4 Working with SAMtools and BCFtools Part 1

Slides

You can download the slides for this tutorial below.

Main Exercise

  1. Create a new SAM file by aligning the following FASTQ files against your bordetella reference genome using bwa mem in a script.

    # FASTA
    /projects/micb405/analysis/references/ASM107827v1/GCA_001078275.1_ASM107827v1_genomic.fna
    
    # FASTQ
    /projects/micb405/data/bordetella/F01_R1_1M.fastq
    /projects/micb405/data/bordetella/F01_R2_1M.fastq
  2. Run samtools flagstat on your resulting SAM file. What do the different lines mean?

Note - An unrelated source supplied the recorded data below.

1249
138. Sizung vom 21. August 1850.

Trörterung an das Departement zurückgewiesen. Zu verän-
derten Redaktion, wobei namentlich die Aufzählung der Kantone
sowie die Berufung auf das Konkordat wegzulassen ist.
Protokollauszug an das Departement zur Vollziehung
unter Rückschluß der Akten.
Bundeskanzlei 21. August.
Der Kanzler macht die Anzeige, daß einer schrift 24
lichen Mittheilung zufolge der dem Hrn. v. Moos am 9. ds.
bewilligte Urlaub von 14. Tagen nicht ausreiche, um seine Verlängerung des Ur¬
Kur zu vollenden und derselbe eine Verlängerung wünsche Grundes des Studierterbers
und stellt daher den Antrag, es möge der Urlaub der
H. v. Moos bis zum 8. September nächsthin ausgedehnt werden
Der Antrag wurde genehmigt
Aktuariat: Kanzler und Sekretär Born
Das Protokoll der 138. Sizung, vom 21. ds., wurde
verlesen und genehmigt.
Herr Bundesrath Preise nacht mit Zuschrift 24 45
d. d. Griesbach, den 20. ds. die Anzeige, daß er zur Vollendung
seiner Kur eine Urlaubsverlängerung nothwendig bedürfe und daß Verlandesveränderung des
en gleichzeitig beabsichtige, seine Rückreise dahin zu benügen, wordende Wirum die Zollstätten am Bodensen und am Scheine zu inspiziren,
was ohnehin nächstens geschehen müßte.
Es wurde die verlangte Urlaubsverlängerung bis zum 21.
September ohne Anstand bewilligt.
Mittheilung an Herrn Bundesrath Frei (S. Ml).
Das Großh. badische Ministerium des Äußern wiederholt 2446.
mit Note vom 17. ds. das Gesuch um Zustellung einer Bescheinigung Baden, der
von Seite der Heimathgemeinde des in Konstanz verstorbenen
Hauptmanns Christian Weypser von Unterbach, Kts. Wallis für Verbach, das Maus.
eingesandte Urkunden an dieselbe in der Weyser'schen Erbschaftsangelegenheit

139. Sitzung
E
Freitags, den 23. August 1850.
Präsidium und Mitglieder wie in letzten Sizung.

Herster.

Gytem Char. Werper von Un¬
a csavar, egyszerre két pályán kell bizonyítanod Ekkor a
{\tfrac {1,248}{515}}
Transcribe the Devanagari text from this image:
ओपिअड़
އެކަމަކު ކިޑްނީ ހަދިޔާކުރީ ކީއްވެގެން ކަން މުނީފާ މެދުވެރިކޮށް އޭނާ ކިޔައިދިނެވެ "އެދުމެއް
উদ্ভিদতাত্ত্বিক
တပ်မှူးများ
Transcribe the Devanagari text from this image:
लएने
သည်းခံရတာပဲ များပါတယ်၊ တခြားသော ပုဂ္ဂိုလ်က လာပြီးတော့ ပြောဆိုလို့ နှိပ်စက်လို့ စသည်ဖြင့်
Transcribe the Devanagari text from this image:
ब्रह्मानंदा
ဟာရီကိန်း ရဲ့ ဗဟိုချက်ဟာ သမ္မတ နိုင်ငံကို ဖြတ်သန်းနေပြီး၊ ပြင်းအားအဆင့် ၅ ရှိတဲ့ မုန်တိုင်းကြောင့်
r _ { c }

  3. Next, create a script that processes the resulting SAM into an indexed, sorted BAM with duplicates removed.

  4. For sorting and duplicate removal, what is a “sanity check” step you could perform on the output (hint… what function within samtools can allow you to check your binary BAM file by eye) to verify that reads have been sorted (easier), or that duplicates have been removed (harder)? What would you be looking for to confirm that your commands worked as intended?

  5. Then, add a line in your script to call variants using bcftools! This may take a while, so how could you run it so that it happens in the background and you could check back on it later?

Bonus

Download your reference, bam, bam.bai, vcf.gz, and vc.gz.tbi files and view them in IGV viewer. Go to one of the areas marked as a variant by bcftools call. Do you agree with this “call”?